Meb Keflezighi captured the silver medal in the 2004 Olympic marathon and then won the 2009 New York and 2014 Boston marathons, the first American to win both races since 1983.

For Fisher, the U.S. breakthrough on the track was Galen Rupp’s 10,000 silver medal at the 2012 Olympic Games in London.

Four years later Centrowitz, like Rupp an Oregon alum and member of Nike’s Oregon Project, became the first American to win the Olympic 1,500 in more than a century with a tactical masterpiece.

“In the past three years, my mindset has shifted a lot,” Fisher said recalling that night in Tokyo when he lined up next to Cheptegei. “I became a better athlete, but my mindset has shifted too.
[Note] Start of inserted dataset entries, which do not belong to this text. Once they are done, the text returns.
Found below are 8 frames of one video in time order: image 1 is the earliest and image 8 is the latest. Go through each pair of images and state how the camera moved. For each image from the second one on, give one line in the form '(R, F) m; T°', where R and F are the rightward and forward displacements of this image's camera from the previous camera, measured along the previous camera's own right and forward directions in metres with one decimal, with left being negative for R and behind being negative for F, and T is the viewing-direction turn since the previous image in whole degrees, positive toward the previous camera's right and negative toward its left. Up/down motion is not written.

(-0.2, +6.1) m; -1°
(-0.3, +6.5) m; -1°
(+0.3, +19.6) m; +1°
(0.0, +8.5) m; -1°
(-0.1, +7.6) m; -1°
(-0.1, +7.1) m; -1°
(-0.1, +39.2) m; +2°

I hope people can see that when my mindset shifts, so should everybody’s in the U.S. as well. People are capable of great things, you have to believe in yourself and put yourself in a position in order for good things to happen.”

Young noticed Friday night.

“I think L.A. is going to be perfect,” he said when asked about his prospects for the 2028 Games.”

And Cheptegei also noticed.

Toward the end of their victory lap Friday night Cheptegei put his arm around the American.

“For me, it is so exciting to see that, witness that Grant was also part of the medalists today,” Cheptegei said recalling the moment. “He really, really fought for it. And what is also so amazing is that he’s been always number four and then it was rewarding today for him today and congratulating him, of course, for being one of the (medalists), for working really, really, really hard for the medal.

“It’s really special to see some of these young guys come up and step up and, you know, inspire, inspire a lot of young boys out there.”

“This is my last year on the track,” Cheptegei told Fisher as they circled Stade de France. “Yeah, you got it next year. The (World) Championships, you have to be men.”